Jakarta -
Menteri Sosial Saifullah Yusuf atau Gus Ipul meninjau pembangunan gedung permanen Sekolah Rakyat Provinsi Lampung di Kabupaten Lampung Selatan, pada Minggu (26/4/2026). Ia optimistis proyek tersebut berjalan sesuai jadwal dan dapat digunakan pada Tahun Ajaran 2026/2027.
Sekolah Rakyat ini merupakan bagian dari program pembangunan 104 sekolah permanen di berbagai daerah yang digagas atas arahan Presiden Prabowo Subianto. Dalam pelaksanaannya, lahan disiapkan oleh Pemerintah Provinsi Lampung, sementara proses konstruksi dilakukan oleh Kementerian Pekerjaan Umum dengan pendanaan dari APBN.
"Saya berterima kasih dan bergembira karena pembangunan di sini berjalan dengan baik, targetnya Juni sudah selesai," kata Gus Ipul, dalam keterangannya, Minggu (26/4/2026).
SCROLL TO CONTINUE WITH CONTENT
Untuk mengejar target tersebut, pembangunan didukung oleh sekitar 600 pekerja di setiap titik. Secara nasional, terdapat sekitar 60 ribu pekerja yang terlibat dalam pembangunan lebih dari 100 lokasi Sekolah Rakyat permanen.
Pemerintah juga terus mendorong perluasan akses pendidikan berkualitas melalui program ini. Setelah jumlah siswa hampir mencapai 16 ribu pada tahun lalu, pemerintah menargetkan penambahan lebih dari 30 ribu siswa pada 2026 sehingga totalnya melampaui 45 ribu siswa.
"Tahun depan sudah tambah lagi 60 ribu berarti sudah lebih dari 100 ribu, pada 2027 insyaallah tambah lagi lebih dari 90 ribu siswa. Sehingga di 2028 sudah lebih 200 ribu siswa yang akan mengikuti proses belajar-mengajar di Sekolah Rakyat," ujarnya.
Ke depannya, pemerintah menargetkan setiap kabupaten memiliki satu gedung permanen Sekolah Rakyat. Jika lahan disiapkan pemerintah kabupaten/kota, maka sekolah akan memprioritaskan siswa dari wilayah setempat. Sementara itu, jika lahan disediakan pemerintah provinsi, peserta didik dapat berasal dari berbagai kabupaten/kota dalam provinsi tersebut.
Gus Ipul kembali menegaskan optimisme bahwa pembangunan di Lampung dapat rampung tepat waktu sehingga kegiatan belajar mengajar bisa segera dimulai.
"Sampai hari ini masih sesuai target dan diharapkan Juni selesai," tuturnya.
Sementara itu, pembangunan Sekolah Rakyat Kotabaru di Desa Purwotani, Kecamatan Jati Agung, Lampung Selatan, terus menunjukkan progres.
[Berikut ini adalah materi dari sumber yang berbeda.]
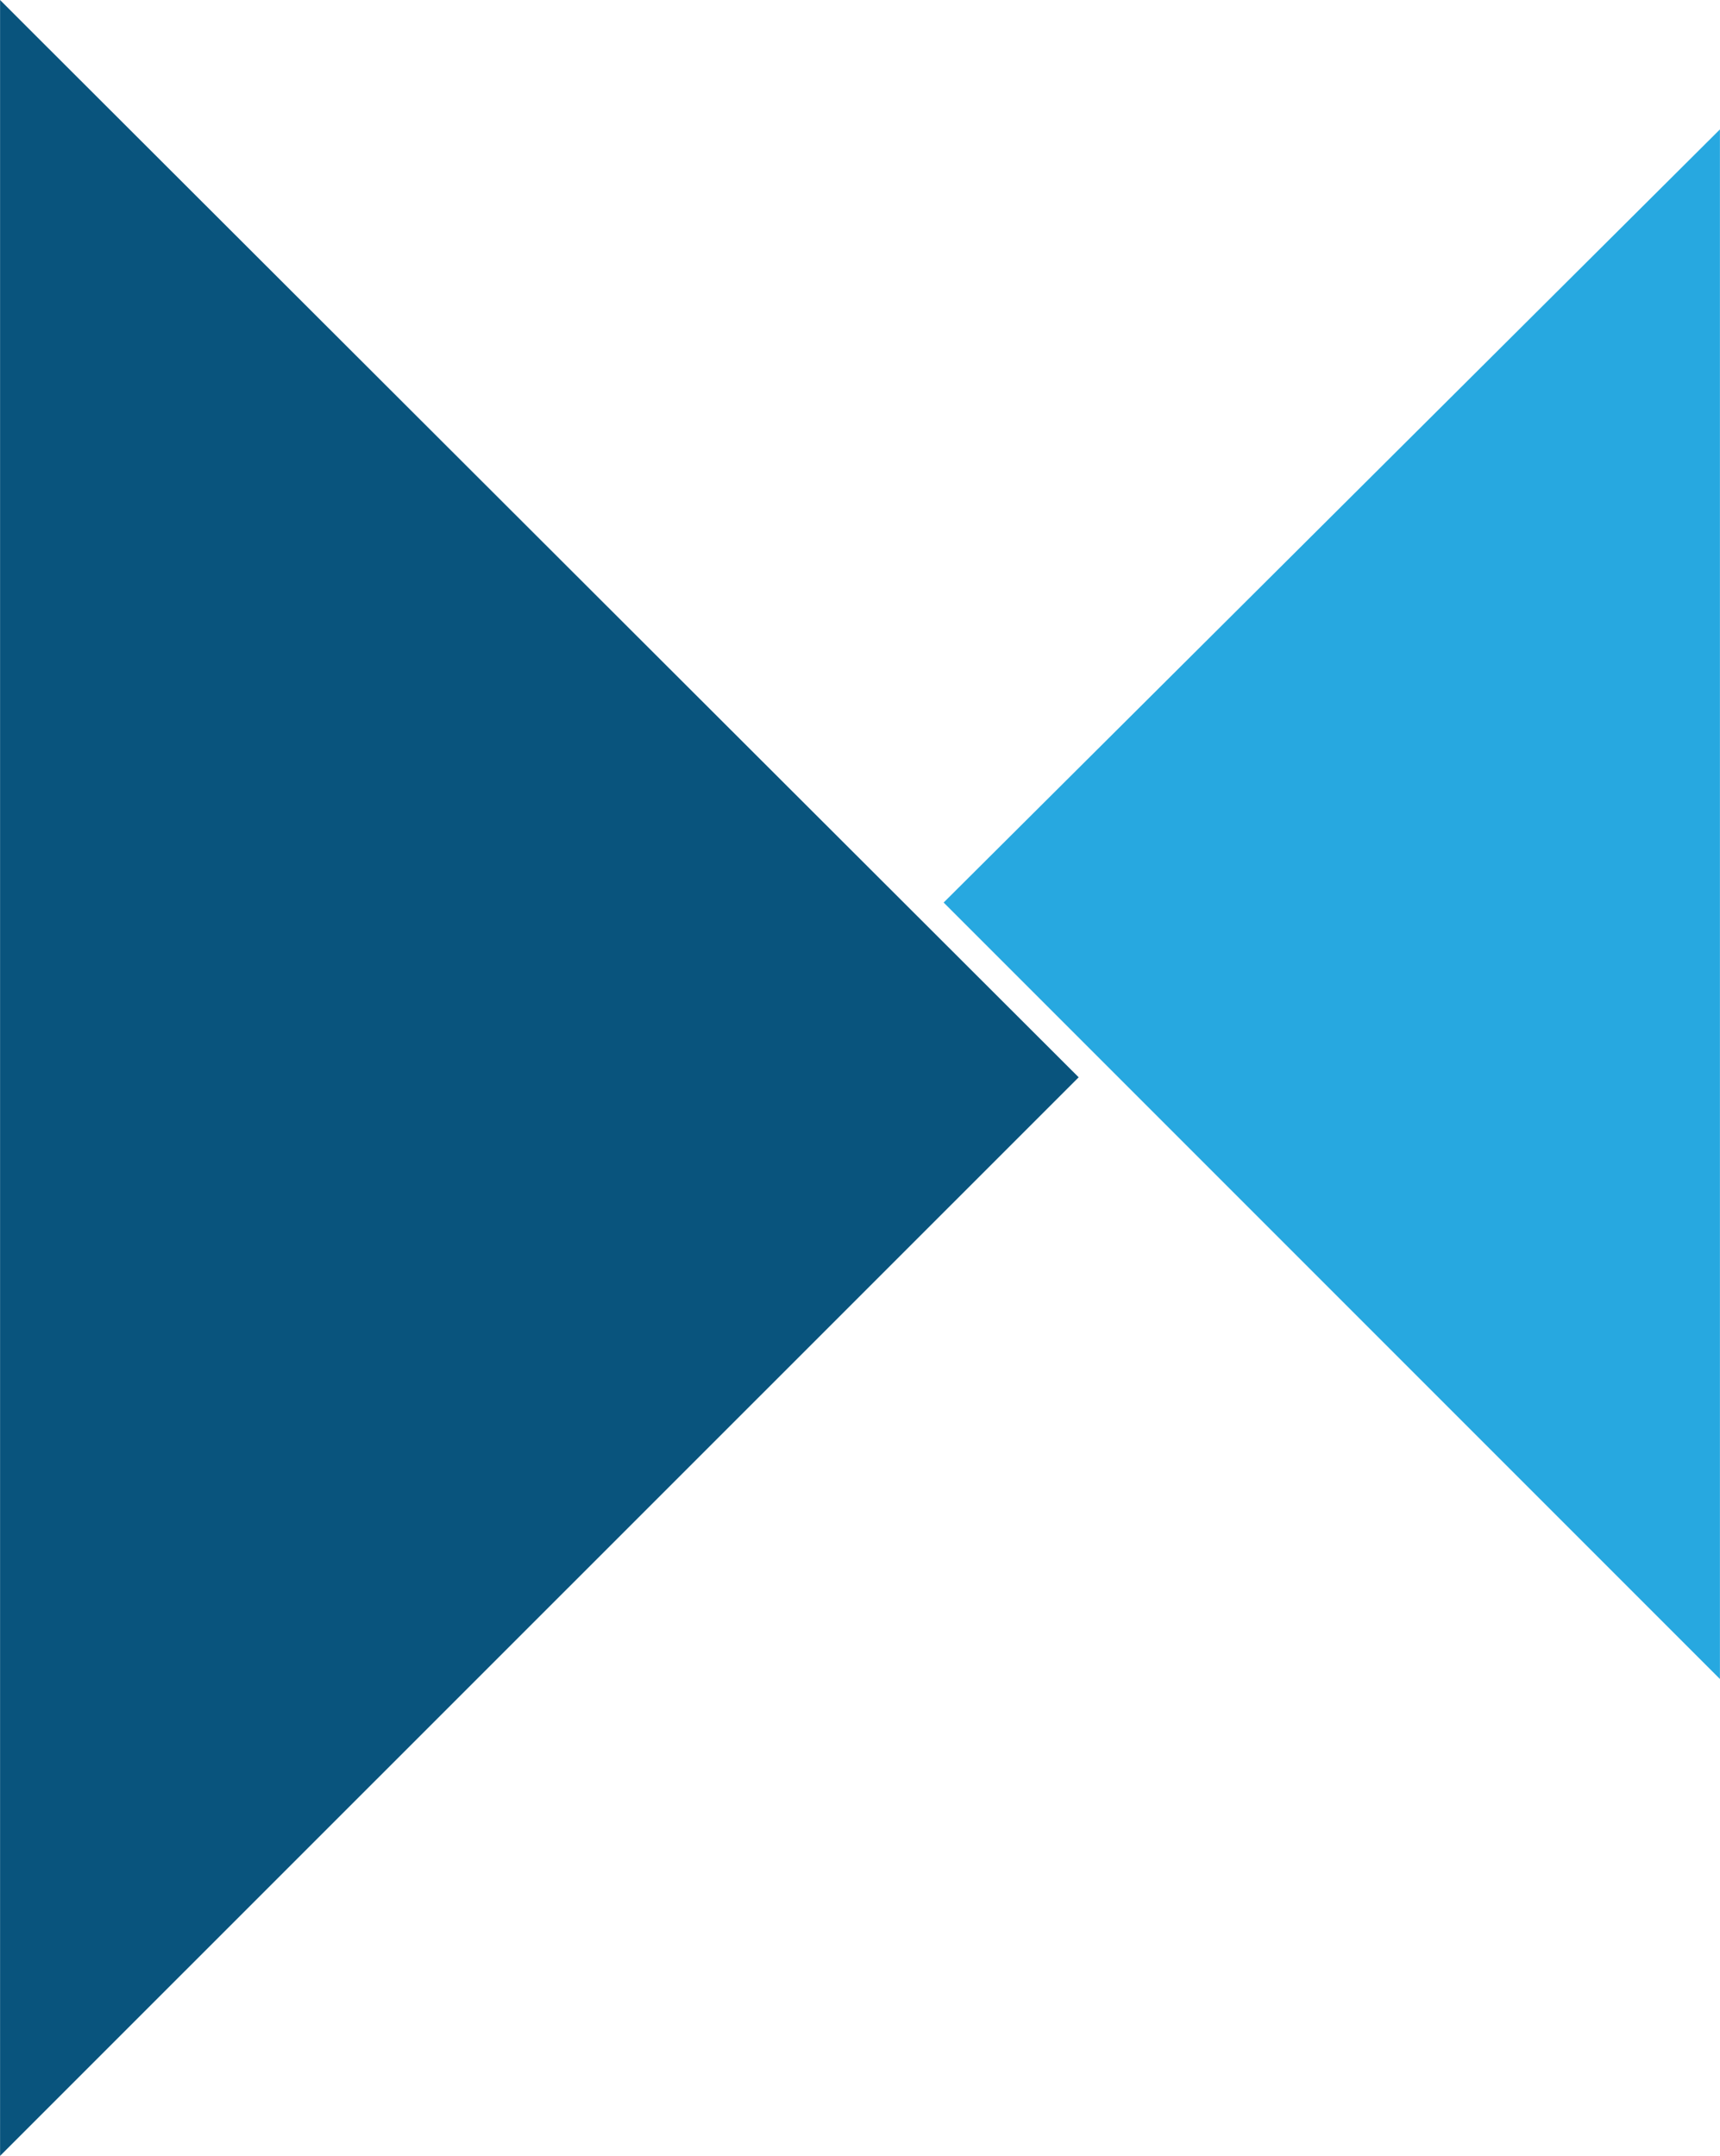<svg xmlns="http://www.w3.org/2000/svg" viewBox="0 0 671.3 841.3" width="1995" height="2500"><g fill-rule="evenodd"><path fill="#27a8e0" d="M671.3 655.2V50.5l-303 301.7z"/><path fill="#09547d" d="M0 0l14.6 14.6L421 420.4 0 841.3z"/></g></svg>

Hingga saat ini, capaian fisik telah mencapai 35,52 persen.
Proyek yang berdiri di atas lahan seluas 95.478 meter persegi ini dikerjakan selama 188 hari kalender, terhitung sejak 15 Desember 2025 dan ditargetkan rampung pada 20 Juni 2026. Sebanyak 677 pekerja dilibatkan dalam proses pembangunan tersebut.
Secara keseluruhan, sekolah ini memiliki luas bangunan mencapai 29.991 meter persegi dengan luas dasar bangunan 17.804 meter persegi, serta area terbuka seluas 77.674 meter persegi. Kawasan ini dirancang dengan koefisien dasar bangunan sebesar 18,65 persen, luas bangunan 0,31 persen, dan ruang terbuka hijau mencapai 69,56 persen. Pembangunan juga dibagi ke dalam lima zona guna memastikan efektivitas pelaksanaan.
Setelah rampung, Sekolah Rakyat permanen ini ditargetkan mampu menampung 1.080 siswa dalam 36 kelas, dengan kapasitas 30 siswa per kelas, mulai dari jenjang SD, SMP hingga SMA.
Turut hadir dalam peninjauan tersebut antara lain Kepala Satker Pelaksanaan Prasarana Strategis Lampung Kementerian PU Pendi Maita, VP Operasi 2 PT Brantas Abipraya Ade Achmad, Tenaga Ahli Mensos Bidang Pemberdayaan Pegiat Penyelenggara Kesejahteraan Sosial Aswandi, Kepala Dinas Sosial Provinsi Lampung Aswarodi, serta Kepala Dinas Pendidikan dan Kebudayaan Provinsi Lampung Thomas Amirico.